=== Begin Enclosure ===

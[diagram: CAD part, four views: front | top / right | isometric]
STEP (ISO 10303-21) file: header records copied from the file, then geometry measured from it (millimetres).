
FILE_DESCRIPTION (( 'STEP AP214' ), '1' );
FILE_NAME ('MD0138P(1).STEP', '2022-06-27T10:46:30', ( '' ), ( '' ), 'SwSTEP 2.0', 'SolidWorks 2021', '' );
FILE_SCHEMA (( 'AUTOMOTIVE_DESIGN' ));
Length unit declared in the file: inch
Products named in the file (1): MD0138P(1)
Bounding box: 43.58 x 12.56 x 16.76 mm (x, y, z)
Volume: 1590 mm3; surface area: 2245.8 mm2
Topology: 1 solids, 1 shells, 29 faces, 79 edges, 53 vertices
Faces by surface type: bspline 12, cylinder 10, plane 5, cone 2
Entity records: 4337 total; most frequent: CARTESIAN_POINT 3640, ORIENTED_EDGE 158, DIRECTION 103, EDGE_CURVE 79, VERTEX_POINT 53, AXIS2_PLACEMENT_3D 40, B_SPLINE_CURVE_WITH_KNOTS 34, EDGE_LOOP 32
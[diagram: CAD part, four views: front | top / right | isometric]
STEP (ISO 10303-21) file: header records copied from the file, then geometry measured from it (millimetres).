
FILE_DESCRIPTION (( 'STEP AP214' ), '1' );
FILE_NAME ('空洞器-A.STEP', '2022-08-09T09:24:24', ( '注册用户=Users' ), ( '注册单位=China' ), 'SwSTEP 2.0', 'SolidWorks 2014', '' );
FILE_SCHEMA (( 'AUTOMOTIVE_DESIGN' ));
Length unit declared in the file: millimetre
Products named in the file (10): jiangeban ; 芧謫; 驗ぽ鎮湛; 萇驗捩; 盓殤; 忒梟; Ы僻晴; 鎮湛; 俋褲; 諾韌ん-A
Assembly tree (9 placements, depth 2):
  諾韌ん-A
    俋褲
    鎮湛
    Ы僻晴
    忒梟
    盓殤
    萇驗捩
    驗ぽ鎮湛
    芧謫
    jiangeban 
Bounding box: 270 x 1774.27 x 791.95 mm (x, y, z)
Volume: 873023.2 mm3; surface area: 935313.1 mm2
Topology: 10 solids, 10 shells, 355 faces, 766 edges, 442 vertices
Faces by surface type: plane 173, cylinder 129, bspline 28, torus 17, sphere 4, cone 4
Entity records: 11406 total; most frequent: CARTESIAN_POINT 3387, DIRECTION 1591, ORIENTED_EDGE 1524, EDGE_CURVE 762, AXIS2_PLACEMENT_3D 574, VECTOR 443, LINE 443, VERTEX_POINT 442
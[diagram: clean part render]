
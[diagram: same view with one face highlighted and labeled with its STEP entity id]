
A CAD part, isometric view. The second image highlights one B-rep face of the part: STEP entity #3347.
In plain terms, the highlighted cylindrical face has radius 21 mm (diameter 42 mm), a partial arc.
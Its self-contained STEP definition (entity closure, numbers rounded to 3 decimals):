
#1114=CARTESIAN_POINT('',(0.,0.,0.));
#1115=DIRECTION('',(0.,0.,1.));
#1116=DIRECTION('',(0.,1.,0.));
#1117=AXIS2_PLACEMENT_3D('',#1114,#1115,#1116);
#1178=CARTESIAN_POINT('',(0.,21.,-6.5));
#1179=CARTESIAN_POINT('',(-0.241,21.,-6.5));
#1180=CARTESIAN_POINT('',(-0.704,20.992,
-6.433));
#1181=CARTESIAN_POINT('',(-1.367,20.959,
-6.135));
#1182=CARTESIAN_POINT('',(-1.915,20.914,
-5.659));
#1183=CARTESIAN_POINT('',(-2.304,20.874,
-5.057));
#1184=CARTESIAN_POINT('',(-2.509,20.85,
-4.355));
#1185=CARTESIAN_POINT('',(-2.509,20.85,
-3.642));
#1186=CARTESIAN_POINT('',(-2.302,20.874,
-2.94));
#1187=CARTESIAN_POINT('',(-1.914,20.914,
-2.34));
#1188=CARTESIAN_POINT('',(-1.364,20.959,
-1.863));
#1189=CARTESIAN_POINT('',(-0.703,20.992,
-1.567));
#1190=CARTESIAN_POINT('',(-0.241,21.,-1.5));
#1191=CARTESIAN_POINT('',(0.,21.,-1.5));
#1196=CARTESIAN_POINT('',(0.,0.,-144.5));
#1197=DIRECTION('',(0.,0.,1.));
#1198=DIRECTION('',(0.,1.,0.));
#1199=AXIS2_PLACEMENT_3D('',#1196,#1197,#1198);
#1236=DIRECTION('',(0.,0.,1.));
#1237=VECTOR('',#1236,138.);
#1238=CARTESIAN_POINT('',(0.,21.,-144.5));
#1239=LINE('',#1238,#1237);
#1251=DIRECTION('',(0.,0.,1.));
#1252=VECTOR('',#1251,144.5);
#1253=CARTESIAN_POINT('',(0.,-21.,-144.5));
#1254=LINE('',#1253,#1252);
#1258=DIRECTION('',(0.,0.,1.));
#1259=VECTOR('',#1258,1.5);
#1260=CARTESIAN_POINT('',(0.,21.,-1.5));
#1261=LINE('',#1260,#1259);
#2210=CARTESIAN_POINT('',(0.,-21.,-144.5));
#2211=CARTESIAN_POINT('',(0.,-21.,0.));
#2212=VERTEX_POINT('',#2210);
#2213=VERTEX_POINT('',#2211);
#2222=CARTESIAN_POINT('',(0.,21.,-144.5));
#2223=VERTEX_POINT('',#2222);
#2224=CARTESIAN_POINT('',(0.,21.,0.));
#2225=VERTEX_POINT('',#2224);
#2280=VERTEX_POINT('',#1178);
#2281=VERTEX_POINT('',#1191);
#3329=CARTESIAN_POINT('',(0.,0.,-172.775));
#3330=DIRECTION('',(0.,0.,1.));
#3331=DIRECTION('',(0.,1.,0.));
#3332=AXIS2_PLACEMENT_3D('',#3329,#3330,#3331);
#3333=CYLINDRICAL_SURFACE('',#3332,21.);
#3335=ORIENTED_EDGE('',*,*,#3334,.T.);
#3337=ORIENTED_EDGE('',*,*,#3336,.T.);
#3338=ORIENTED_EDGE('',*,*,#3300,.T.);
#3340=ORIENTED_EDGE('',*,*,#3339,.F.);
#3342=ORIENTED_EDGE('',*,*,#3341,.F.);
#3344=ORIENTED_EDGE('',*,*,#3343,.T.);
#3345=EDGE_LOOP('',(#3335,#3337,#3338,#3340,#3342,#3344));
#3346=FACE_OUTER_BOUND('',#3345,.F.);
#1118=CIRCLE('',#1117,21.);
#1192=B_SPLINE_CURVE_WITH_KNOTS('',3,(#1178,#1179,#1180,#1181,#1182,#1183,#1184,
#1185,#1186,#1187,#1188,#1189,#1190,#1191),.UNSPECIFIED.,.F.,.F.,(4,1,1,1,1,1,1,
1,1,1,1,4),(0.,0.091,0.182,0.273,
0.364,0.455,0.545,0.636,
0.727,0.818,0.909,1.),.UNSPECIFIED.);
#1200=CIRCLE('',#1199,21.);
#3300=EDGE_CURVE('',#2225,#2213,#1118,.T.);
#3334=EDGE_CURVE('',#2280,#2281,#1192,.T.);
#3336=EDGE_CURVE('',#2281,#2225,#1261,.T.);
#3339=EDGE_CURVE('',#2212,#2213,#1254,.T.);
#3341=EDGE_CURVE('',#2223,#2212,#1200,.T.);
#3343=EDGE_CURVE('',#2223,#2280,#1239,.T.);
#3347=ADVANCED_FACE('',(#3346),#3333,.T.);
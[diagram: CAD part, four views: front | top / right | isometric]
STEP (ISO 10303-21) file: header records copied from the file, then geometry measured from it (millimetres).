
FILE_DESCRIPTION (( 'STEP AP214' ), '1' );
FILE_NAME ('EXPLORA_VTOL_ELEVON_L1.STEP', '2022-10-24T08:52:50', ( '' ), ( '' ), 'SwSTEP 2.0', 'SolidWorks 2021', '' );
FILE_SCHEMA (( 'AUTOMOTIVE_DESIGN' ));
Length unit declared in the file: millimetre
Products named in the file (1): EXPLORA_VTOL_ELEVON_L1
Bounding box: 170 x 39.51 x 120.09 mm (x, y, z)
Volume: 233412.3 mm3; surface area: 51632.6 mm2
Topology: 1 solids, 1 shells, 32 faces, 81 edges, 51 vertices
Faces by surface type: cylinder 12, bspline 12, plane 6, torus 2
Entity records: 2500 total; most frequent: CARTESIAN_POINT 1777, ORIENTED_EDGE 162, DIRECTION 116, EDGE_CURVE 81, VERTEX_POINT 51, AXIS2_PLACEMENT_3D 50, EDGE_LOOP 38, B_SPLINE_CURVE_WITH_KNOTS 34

=== End Enclosure ===

Problem details: When you reach the line that contains "Volume: 1590 mm3; surface area: 2245.8 mm2", stop; that line and every line before it, from the very first line of the data, should be restated word for word.

Exercise output:
[diagram: CAD part, four views: front | top / right | isometric]
STEP (ISO 10303-21) file: header records copied from the file, then geometry measured from it (millimetres).
FILE_DESCRIPTION (( 'STEP AP214' ), '1' );
FILE_NAME ('MD0138P(1).STEP', '2022-06-27T10:46:30', ( '' ), ( '' ), 'SwSTEP 2.0', 'SolidWorks 2021', '' );
FILE_SCHEMA (( 'AUTOMOTIVE_DESIGN' ));
Length unit declared in the file: inch
Products named in the file (1): MD0138P(1)
Bounding box: 43.58 x 12.56 x 16.76 mm (x, y, z)
Volume: 1590 mm3; surface area: 2245.8 mm2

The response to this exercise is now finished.